States Should Give Temporary Guaranteed Income to People Exiting Incarceration

States Should Give Temporary Guaranteed Income to People Exiting Incarceration


The Point

Barriers to employment, housing, and basic necessities make stability difficult, if not entirely out of reach, for individuals returning to their community after prison. States can improve public safety and increase postrelease success by providing a temporary guaranteed income to people exiting prison. 

States should implement temporary guaranteed income programs for people exiting incarceration: 

  • States should provide a temporary guaranteed income (TGI) as a “transitional buffer.” Temporary direct payments to individuals who are leaving prison can increase their success in obtaining employment, housing, and general economic stability—all of which reduce recidivism. A Bureau of Justice Statistics study indicates that the risk of recidivism is highest during the first year of reentry, so states should provide TGI for at least 12 months.
  • States should not place barriers in the way of TGI. To most effectively support reentry, payments should not be tied to program participation, supervision compliance, or treatment completion. The goal is to remove barriers to securing basic necessities, not reconfigure them. 
  • States can establish and fund TGI through marijuana legalization and related legislation. In a recent Appeal Lab report, Suffolk University Professor Lucius Couloute recommends that states “conceive of marijuana legalization and equity provisions as components of a justice reinvestment strategy aimed at reducing crime, economic costs, and over-criminalization.” With that understanding, tax revenue from legalization could fund TGI payments as a way of repairing some of the harm done by the War on Drugs.   

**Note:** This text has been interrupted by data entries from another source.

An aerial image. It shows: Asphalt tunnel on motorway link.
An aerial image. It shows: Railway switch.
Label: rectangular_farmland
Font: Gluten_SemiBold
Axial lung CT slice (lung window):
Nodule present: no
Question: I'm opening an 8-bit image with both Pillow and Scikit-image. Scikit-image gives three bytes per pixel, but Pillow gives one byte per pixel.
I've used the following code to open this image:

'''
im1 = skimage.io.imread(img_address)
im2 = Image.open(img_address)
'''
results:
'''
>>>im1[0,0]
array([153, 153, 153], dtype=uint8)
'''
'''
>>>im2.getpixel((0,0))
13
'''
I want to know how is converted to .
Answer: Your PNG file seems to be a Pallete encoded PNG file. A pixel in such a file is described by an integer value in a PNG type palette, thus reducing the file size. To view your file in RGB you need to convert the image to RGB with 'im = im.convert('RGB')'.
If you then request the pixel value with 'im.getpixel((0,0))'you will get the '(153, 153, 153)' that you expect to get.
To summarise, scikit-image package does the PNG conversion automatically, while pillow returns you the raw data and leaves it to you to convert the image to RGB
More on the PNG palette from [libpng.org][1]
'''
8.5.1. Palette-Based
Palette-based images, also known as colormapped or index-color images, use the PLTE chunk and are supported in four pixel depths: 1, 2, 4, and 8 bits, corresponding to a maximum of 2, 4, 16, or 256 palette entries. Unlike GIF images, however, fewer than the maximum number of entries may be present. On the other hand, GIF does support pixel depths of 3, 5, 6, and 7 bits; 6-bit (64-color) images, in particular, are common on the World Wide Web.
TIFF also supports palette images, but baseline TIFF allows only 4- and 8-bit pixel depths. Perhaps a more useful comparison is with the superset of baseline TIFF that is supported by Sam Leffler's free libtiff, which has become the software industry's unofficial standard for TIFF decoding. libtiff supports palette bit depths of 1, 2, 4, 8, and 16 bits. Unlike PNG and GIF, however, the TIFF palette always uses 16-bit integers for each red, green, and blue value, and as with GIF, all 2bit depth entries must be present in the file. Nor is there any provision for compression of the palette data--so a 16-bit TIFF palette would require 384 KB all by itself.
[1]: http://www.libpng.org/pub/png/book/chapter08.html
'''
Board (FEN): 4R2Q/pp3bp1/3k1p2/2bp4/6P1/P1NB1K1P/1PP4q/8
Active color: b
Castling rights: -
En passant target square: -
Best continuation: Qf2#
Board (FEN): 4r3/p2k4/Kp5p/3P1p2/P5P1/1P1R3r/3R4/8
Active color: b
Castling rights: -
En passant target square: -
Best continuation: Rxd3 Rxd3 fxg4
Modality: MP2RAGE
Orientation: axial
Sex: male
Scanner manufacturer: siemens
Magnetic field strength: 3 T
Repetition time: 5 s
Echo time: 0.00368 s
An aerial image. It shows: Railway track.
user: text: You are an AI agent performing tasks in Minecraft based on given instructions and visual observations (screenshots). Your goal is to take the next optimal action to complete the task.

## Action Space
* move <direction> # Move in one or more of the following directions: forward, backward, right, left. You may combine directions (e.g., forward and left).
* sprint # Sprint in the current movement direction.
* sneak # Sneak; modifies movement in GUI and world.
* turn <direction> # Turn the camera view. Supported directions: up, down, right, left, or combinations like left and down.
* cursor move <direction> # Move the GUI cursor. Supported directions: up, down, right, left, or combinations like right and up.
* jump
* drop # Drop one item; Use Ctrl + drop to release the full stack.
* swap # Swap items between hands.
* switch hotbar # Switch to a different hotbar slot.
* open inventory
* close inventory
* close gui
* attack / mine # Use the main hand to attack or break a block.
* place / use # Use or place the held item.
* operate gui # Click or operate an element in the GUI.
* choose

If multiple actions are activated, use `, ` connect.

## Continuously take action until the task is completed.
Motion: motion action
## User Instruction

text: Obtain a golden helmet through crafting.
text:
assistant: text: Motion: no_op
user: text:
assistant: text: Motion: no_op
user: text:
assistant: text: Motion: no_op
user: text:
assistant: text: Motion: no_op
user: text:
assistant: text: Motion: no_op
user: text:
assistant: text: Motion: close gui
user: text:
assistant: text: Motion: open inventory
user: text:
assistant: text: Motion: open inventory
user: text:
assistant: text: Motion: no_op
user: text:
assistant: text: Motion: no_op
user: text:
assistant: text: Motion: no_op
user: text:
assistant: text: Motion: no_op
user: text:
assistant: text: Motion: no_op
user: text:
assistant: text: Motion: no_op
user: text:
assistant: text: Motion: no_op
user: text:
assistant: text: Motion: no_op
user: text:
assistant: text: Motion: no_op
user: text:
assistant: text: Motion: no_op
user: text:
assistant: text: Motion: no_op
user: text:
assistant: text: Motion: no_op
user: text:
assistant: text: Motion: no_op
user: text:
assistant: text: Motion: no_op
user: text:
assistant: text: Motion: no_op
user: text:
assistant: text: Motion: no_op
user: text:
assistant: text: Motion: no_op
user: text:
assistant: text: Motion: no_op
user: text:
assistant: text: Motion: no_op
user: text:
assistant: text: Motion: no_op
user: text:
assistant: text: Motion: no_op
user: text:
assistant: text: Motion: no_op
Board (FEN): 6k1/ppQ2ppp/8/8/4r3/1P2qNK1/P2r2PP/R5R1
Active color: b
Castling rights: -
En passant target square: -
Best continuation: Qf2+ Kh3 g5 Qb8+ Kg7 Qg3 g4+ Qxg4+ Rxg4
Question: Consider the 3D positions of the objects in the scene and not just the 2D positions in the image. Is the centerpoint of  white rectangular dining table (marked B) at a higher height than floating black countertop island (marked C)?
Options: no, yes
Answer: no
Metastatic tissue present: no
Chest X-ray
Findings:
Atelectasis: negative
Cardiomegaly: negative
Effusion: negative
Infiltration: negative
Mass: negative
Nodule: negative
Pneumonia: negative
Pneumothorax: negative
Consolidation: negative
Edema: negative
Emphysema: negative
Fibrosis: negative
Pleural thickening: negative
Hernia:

Guaranteed income helps address the circumstances that lead to crime:

  • TGI is a public safety strategy. Crime is prevented by increasing employment, ensuring access to mental health or substance use treatment, and providing other pathways toward stability. By taking care of basic needs, TGI allows individuals who are reentering communities to focus on increasing stability.
  • Professor Couloute explains that “those who have been to prison suffer from Depression-level unemployment rates, homelessness that far outpaces the general public, and a three-year re-arrest rate of 68 percent.” A temporary guaranteed income could mitigate each of these barriers. For example, the Stockton Economic Empowerment Demonstration (SEED) found that participants in the program generally used the monthly $500 they received to pay for necessities like food, utilities, and transportation. Participants were able to then complete education and training opportunities to secure employment or promotions. 
  • Guaranteed income programs specifically focused on returning residents are growing. Community Works, a non-profit organization in Oakland, California, has received funding to pilot a guaranteed income program that will provide a monthly income of $500 for at least 12 months to individuals reentering their community after incarceration. The city of Gainesville, Florida is partnering with non-profit Community Spring on a pilot program scheduled to launch in October that will send $600 monthly checks to some formerly incarcerated people. And the Durham City Council proposed using grant money to create a guaranteed income program that would give a designated group of formerly incarcerated people $500 to $1,000 a month. That program is also expected to launch in the fall.